Sexta-feira, 11 de setembro de 2015 - 06h07
Há sete anos, indígenas da etnia Paumari do Rio Tapauá, no sul da Amazônia, mudaram totalmente os hábitos de pesca para participar de uma experiência de manejo do pirarucu. Na época, por falta de informação, eles pescavam de forma indiscriminada e ganhavam pouco ou nada pelo produto. E o pirarucu, um dos maiores peixes de água doce do mundo, estava ameaçado de extinção. Atualmente, os paumaris garantem renda para as aldeias com a pesca planejada, ao mesmo tempo em que preservam a espécie, agora na lista das vulneráveis.
Na primeira contagem desses peixes nos mais de 60 lagos da reserva dos paumaris, em 2008, foram encontrados 252 pirarucus. Na contagem anual feita em 2014, os indígenas registraram mais de 2,5 mil peixes. O esforço para alcançar esse resultado foi grande. Os paumaris ficaram sem pescar nenhum pirarucu por cinco anos, tempo necessário para recuperar o estoque da espécie.
Apoiador da ideia desde o início, o indígena Jurandi Souza de Oliveira Paumari garante que valeu a pena. “Este ano o Ibama [Instituto Brasileiro do Meio Ambiente e dos Recursos Naturais Renováveis] liberou a pesca de 220 peixes, quase a população total que contamos em 2008. Mas como somos poucos, devemos tirar cerca de 130 peixes”, disse orgulhoso.
Jurandi conta que antes do manejo os paumaris pescavam errado. “A gente pescava todos os peixes pirarucu que conseguíamos, não importava o tamanho. Vendíamos ou trocávamos por outros produtos com comerciantes, mas o valor do nosso produto era muito baixo. Sobrava pouco ou nada para nós, em alguns casos dava até despesa.”
O pescador relata que houve muita resistência nas aldeias quando a organização não governamental (ONG) Operação Amazônia Nativa (Opan) apresentou ao povo Paumari a solução de manejo sustentável criada pelo Instituto Mamirauá, ligado ao Ministério da Ciência, Tecnologia e Inovação. “A gente ficou desconfiado. Eles falaram do sucesso da experiência em outros locais, que se a gente começasse a preservar os lagos o peixe teria um crescimento populacional maior e a gente poderia pescar mais. A gente ficou meio desacreditado”, conta Jurandi. Segundo ele, o convencimento dos cerca de 200 moradores da região veio aos poucos, com a percepção da degradação da reserva. “Concluímos que, se toda a comunidade trabalhasse junta, poderíamos crescer mais. Da forma como era, mais cedo ou mais tarde ficaríamos sem condições de vida na área.”

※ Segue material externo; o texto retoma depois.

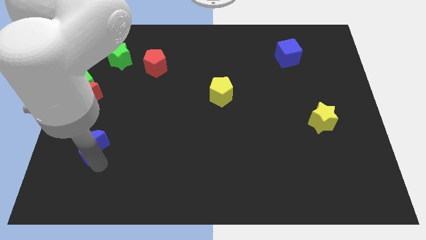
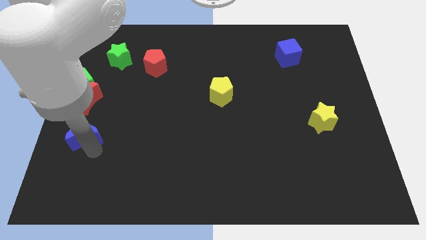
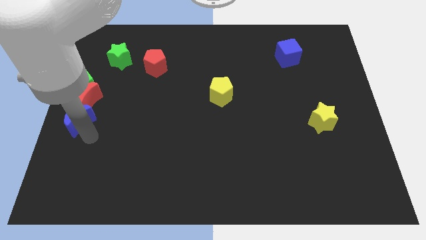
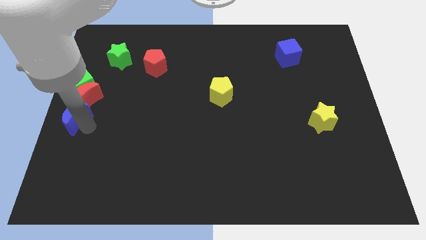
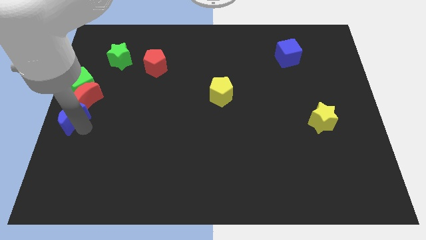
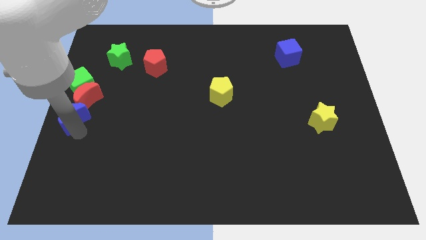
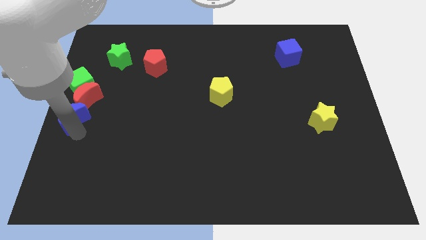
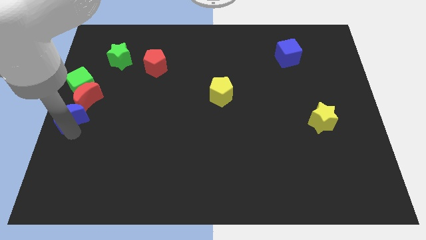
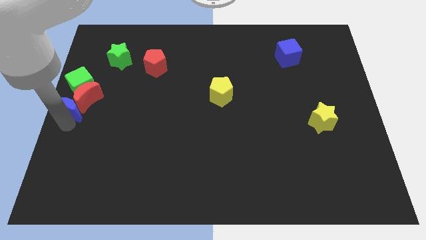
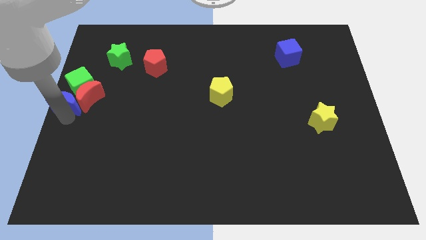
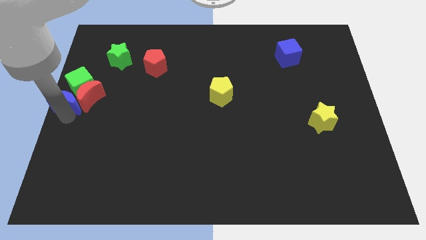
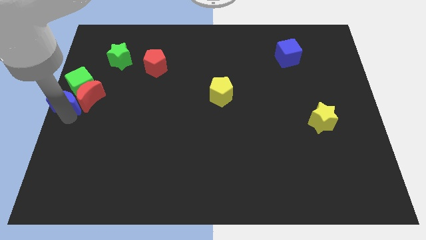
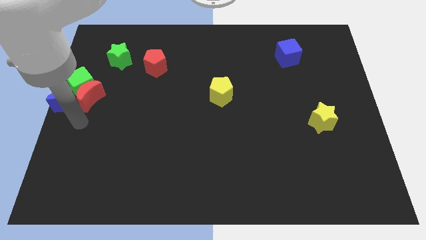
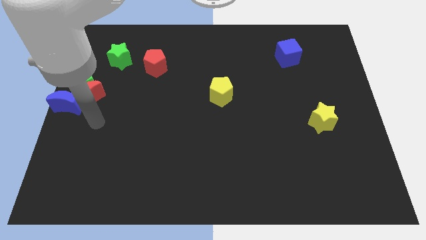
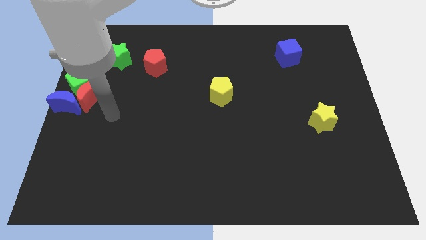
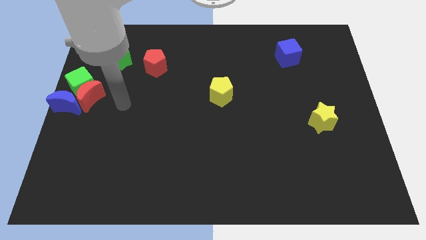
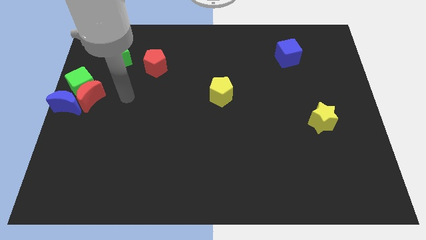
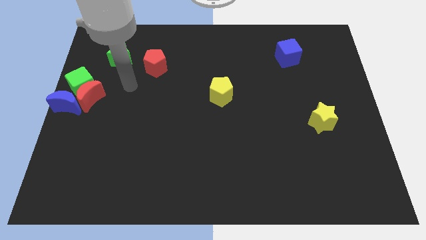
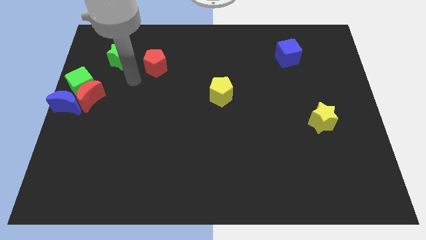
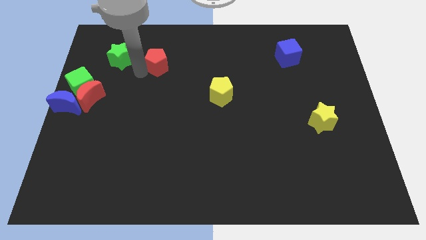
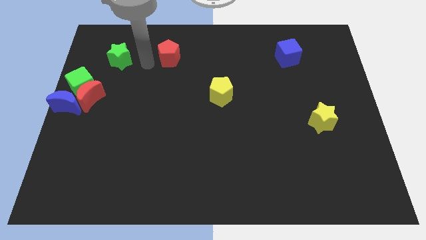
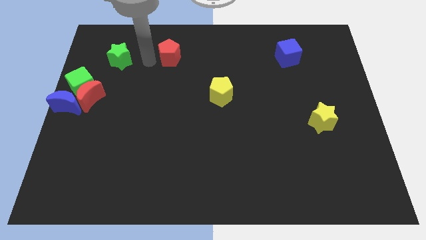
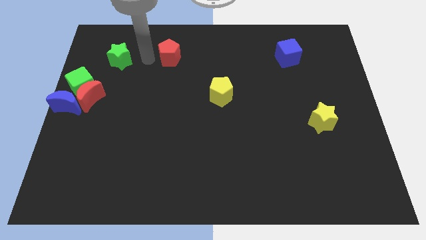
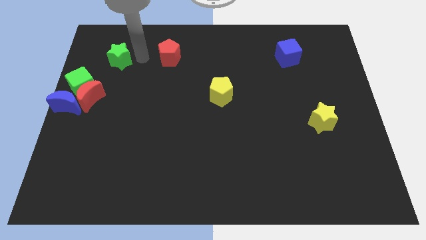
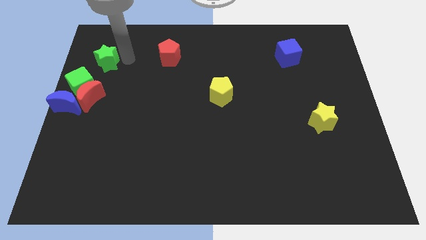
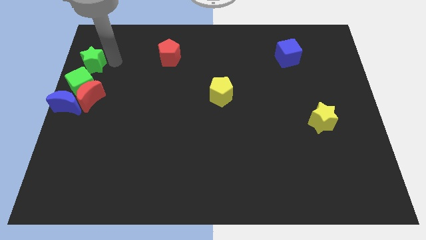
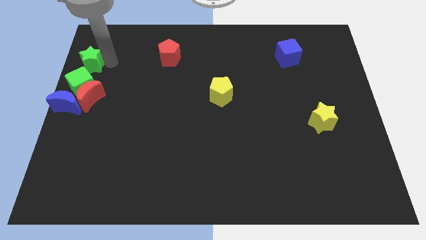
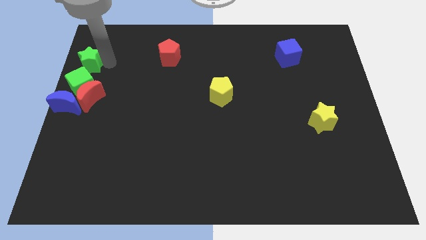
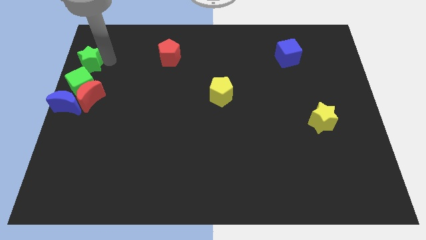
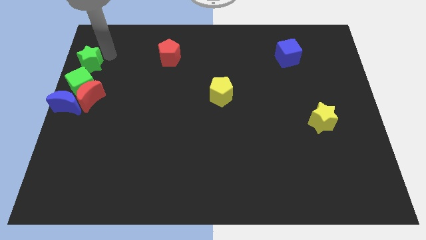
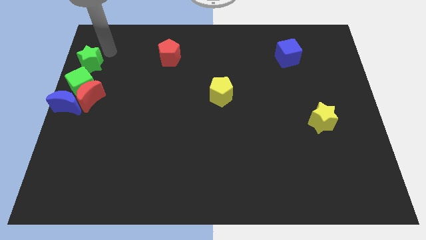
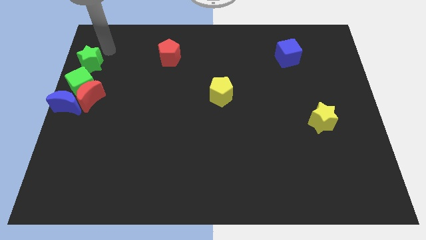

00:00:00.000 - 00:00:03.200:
place the green star above the green cube

Os indígenas foram formados para fazer contagens anuais nos lagos da região e orientados a pescar apenas peixes maiores que 1,5 metro. Também aprenderam as regras de higiene e como executar de forma profissional as atividades de limpeza, pesca e carregamento. “Os benefícios econômicos vieram com a comercialização do pescado, a partir de parcerias com cooperativas para garantir compradores”, explica o biólogo Diogo Borges, da Opan.
A maior dificuldade dos pescadores paumaris hoje é a falta de energia elétrica e gelo, que impede o armazenamento e o possível beneficiamento do pescado. “Precisamos muito de recursos para comprar barcos adequados e para produzir gelo”, diz Jurandi. Atualmente os pescadores dependem de uma cooperativa parceira de um município da região para recolher os peixes, em até três horas. “Eles se organizam e vem um barco do município de Lábrea para buscar esse pescado com o gelo”, conta Diogo Carneiro, da Opan.
Na primeira pesca, em 2013, o resultado surpreendeu. “Todo mundo pode ver o futuro, aí os que estavam de fora concluíram que valia a pena e a gente abraçou todo mundo”, diz Jurandi. Ele conta que, em vez de dividir o dinheiro da venda dos peixes só entre quem participou da pesca, decidiram compartilhar o lucro com todos os maiores de 12 anos da reserva.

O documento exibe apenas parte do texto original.